Críticas sobre los libros de Arturo Pérez-Reverte y su trayectoria literaria.

El ruido de la guerra

ENRIQUE TURPIN | EL PERIÓDICO DE ARAGÓN - 06/1/2007

Aunque no sería mala cosa, no se hará preciso recomendar que para mayor deleite en la lectura de las nuevas aventuras del capitán Alatriste y su inseparable aprendiz y cronista Íñigo de Balboa se siga aquel consejo de algún sabio sargento que rezaba que "meado y ayuno es como mejor se bate uno". Cámbiese el batir por el leer, porque a veces no estaría de más que también el lector sobrellevara el esfuerzo de recomponer el espíritu de la época como aquí se lleva a cabo, a sabiendas que la situación sería transitoria y que en ningún momento padecería los envites de la malandanza: a este lado del Mediterráneo siempre se está a dos pasos de la cocina.

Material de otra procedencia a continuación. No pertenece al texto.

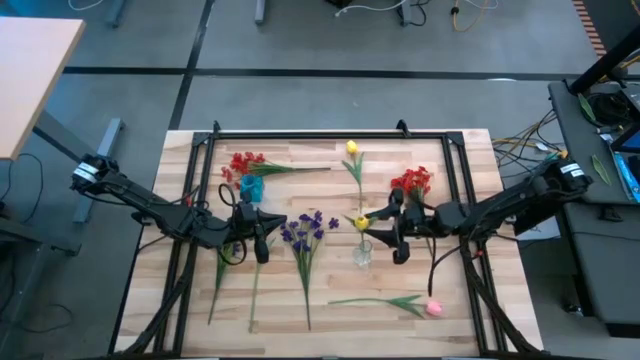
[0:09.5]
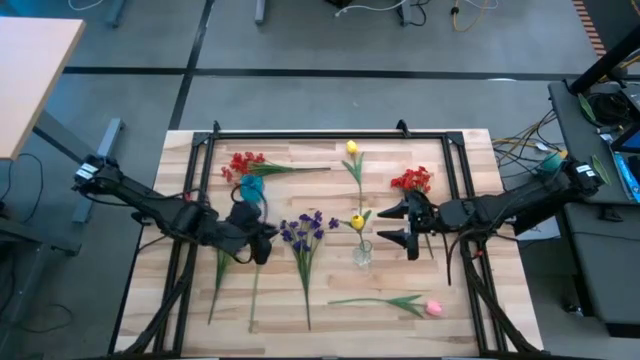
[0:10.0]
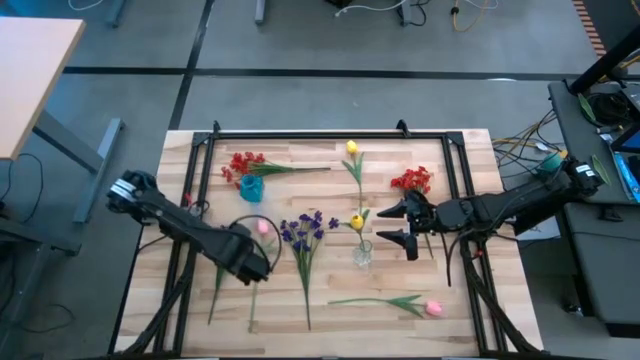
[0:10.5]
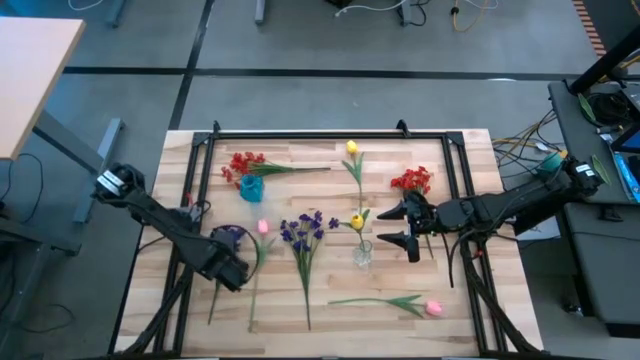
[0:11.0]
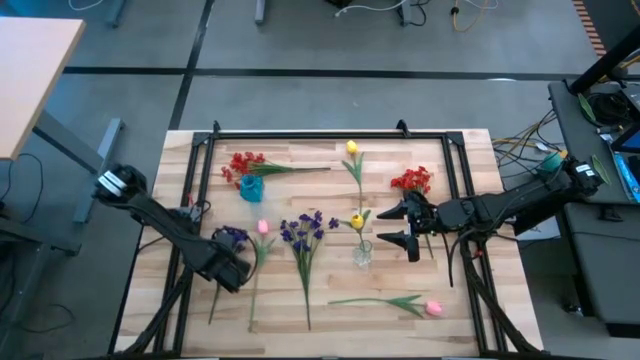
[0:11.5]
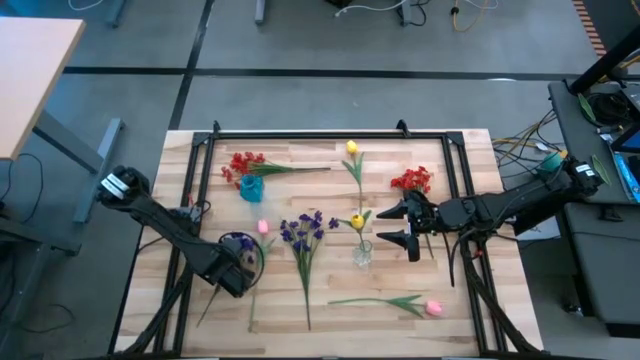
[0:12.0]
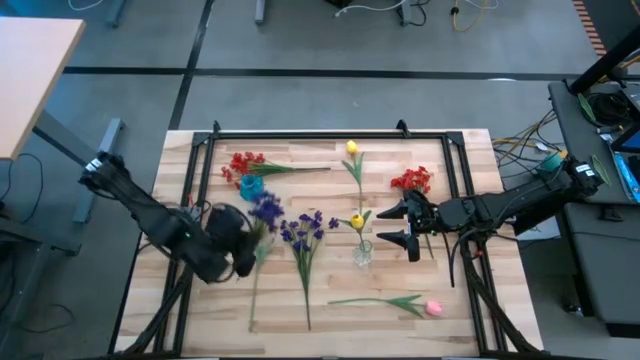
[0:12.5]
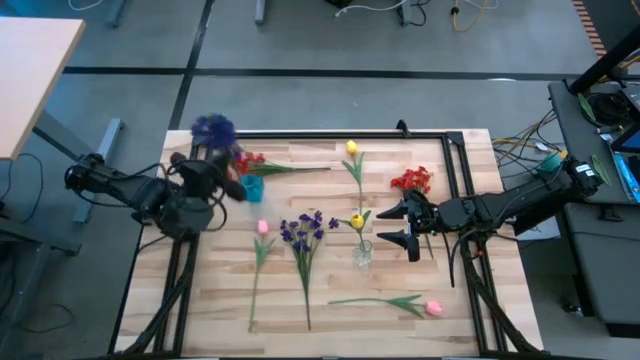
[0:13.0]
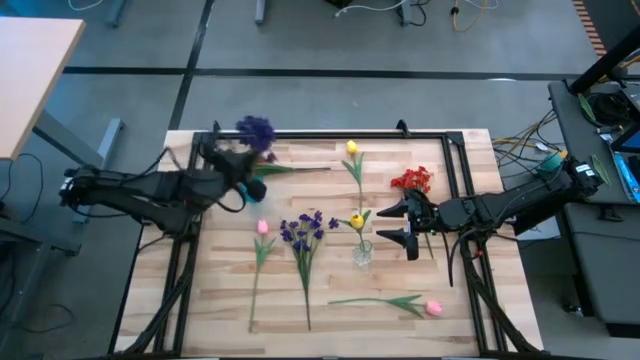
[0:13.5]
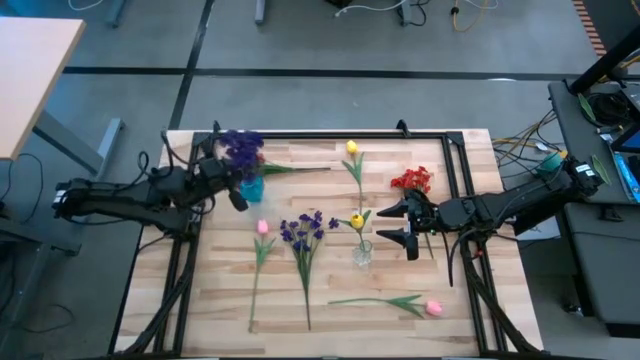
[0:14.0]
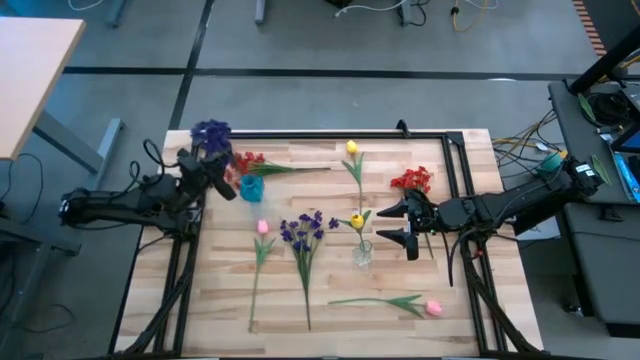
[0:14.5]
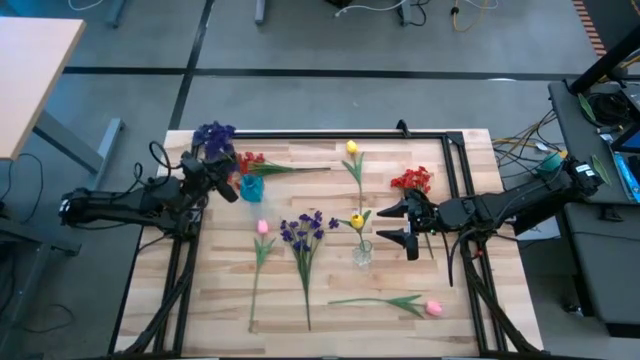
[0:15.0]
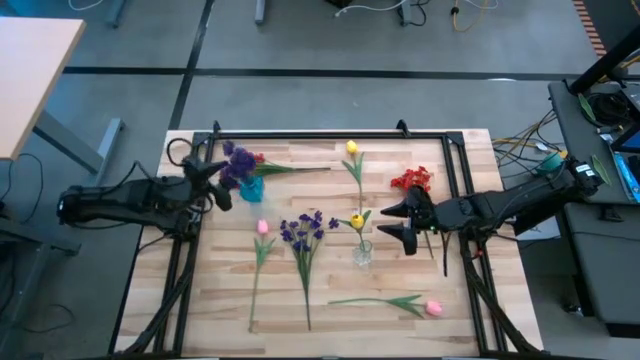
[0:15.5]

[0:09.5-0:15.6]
Put the left violet flowers into the blue vase

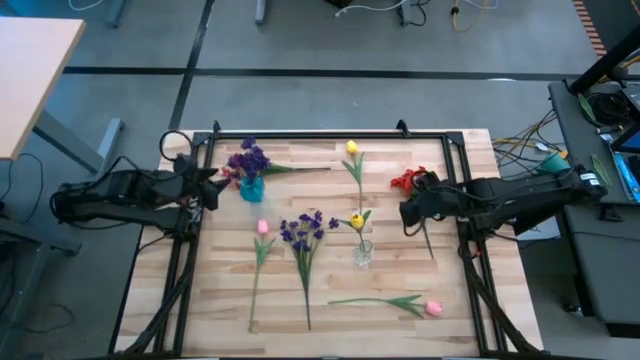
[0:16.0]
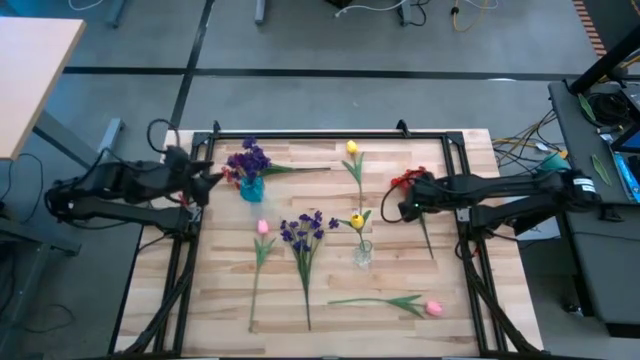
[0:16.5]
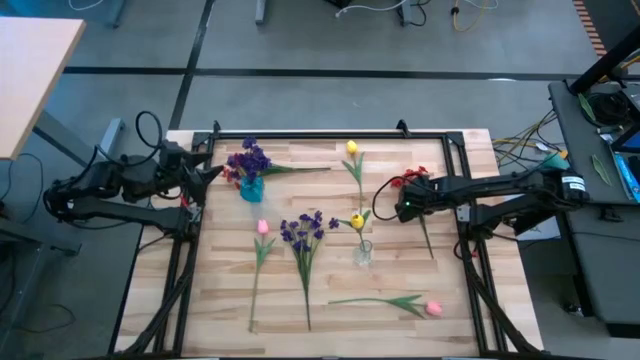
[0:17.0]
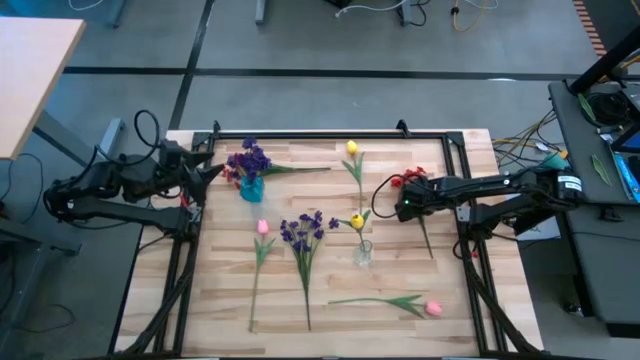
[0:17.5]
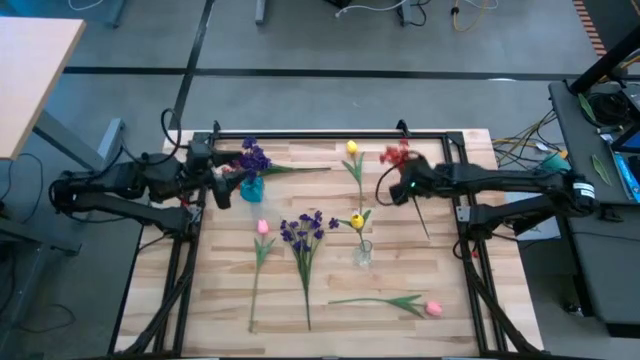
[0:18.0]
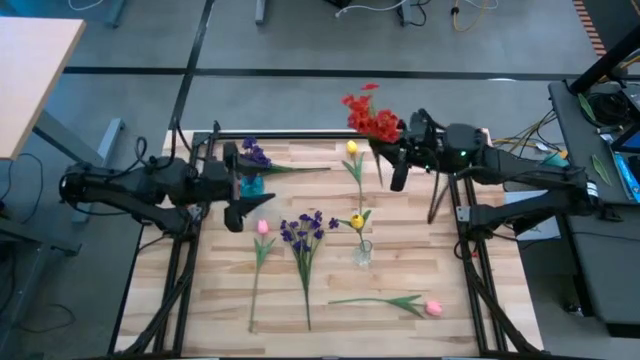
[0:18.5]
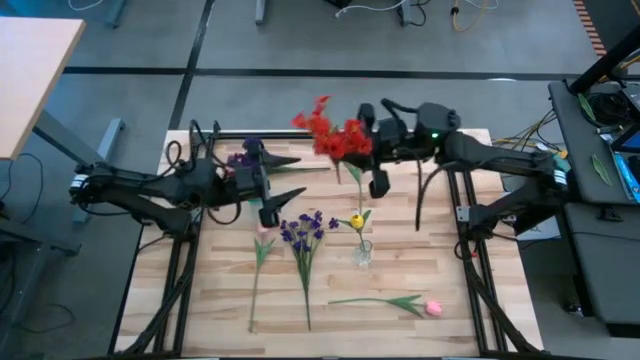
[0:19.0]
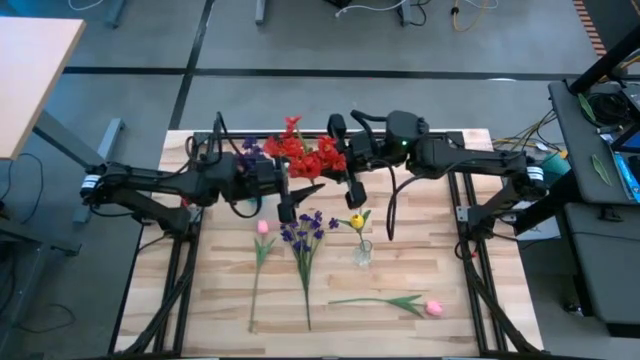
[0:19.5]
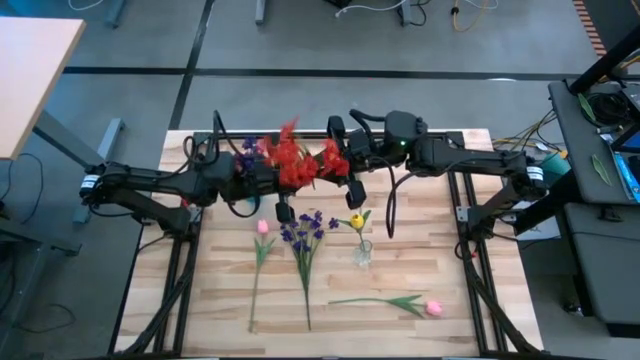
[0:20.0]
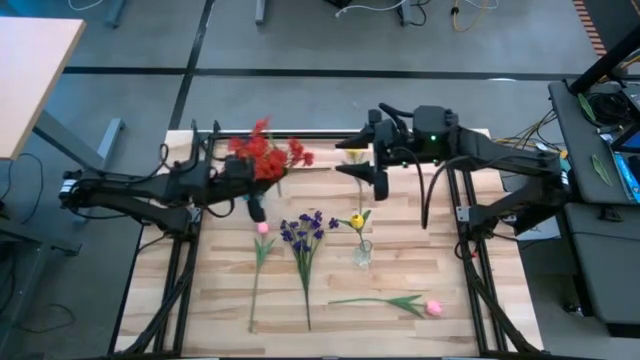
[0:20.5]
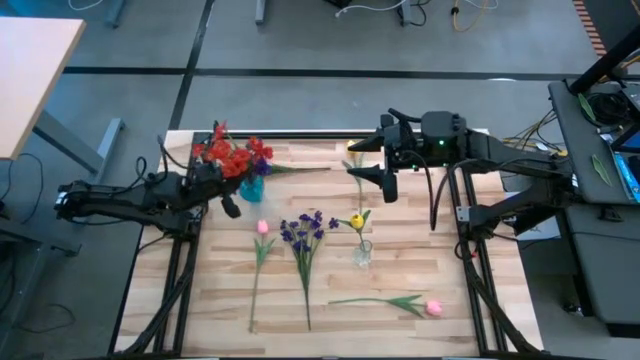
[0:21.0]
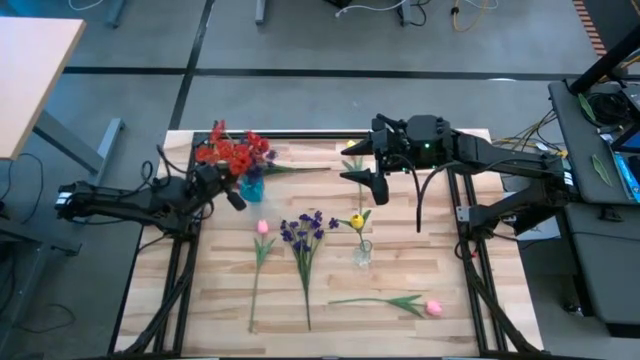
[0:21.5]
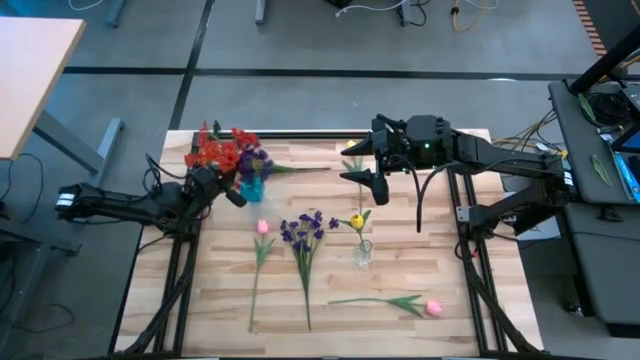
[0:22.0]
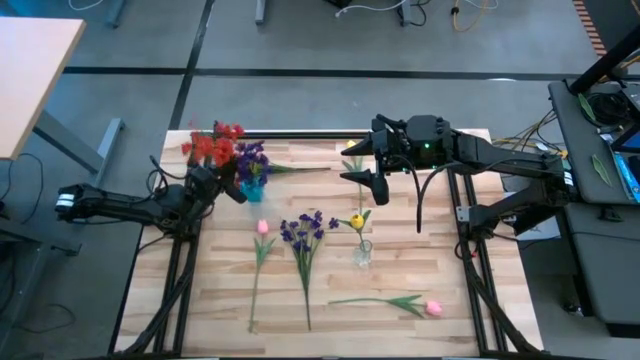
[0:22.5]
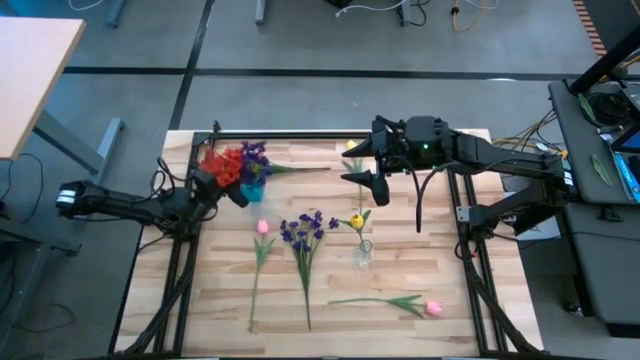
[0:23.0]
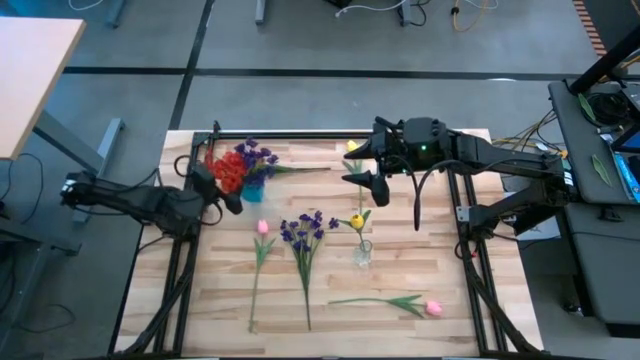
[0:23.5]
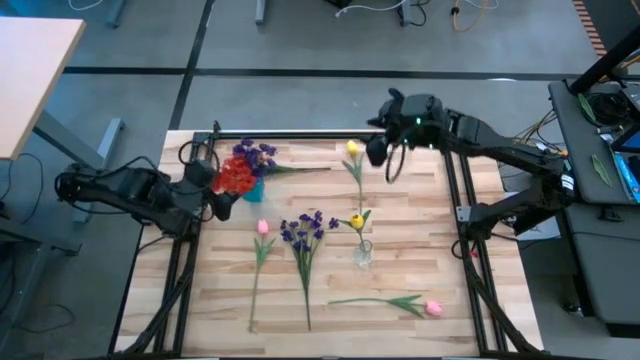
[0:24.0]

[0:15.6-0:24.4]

Con Corsarios de Levante, ya van seis títulos y una decena de años de esta saga áurea de Arturo Pérez-Reverte (Cartagena, 1951) sobre las hazañas del último héroe español del XVII, una época al tiempo caballeresca y feroz en la que las leyes del honor y la honra todavía suponían, entre otras muchas cosas, matar o morir por ellas. Corre el año 1627 y el capitán Alatriste se embarca en La Mulata, galera de 24 bancos, que sirve de vehículo para el corso, motivo para que el alférez vascongado de Oñate Íñigo de Balboa rememore los días levantinos en que volvían del revés puertos y galeras en pos de un botín que las leyes patrias les esquilmaban vilmente. Como acertado fresco de la época, ese narrador que es una de las mejores bazas aprendidas del Lazarillo --la creación del interlocutor/lector--, Íñigo trae a su ejercicio de escritura la nómina de aquella cofradía de galeotes que acompañaron a los protagonistas en los años en que el Mediterráneo era un hervidero de piratas: los peores esclavos, herejes sentenciados, falsarios, azotados, testimonieros, renegados, fulleros, perjuros, rufianes, salteadores, acuchilladizos, adúlteros, blasfemos, asesinos y ladrones del orbe. La lista ya dice que la aventura también es lingüística, poblada del riquísimo lenguaje de germanías y atinada por el reflejo fiel del tránsito de razas y decires de esta charca malfamada que aún es nuestro mar.

De Túnez a Argel, pasando por Orán, Nápoles o Malta, Íñigo y Alatriste rozan el descalabro, emprenden cabalgadas y reafirman su amistad. Les acompañan versos de Cervantes a Quevedo; también les flanqueará el moro Gurriato. Entre turcos endiablados y viajes entendidos como método de conocimiento, la disputa entre las armas y las letras se hace todavía más encendida. Íñigo es más que un joven aprendiz y Alatriste anda descreído sin caer en el cinismo, con los Sueños del compadre Quevedo en la faltriquera a modo de poética: la literatura, más que la hierba moruna, ayuda a sobreponerse a los peligros del mundo en espera de la muerte. El lector, crecido como la serie, acabará recompensado con sensaciones reales y acertará a ver guiños a El pintor de batallas, con quien esta obra se hermana en espíritu y hallazgos.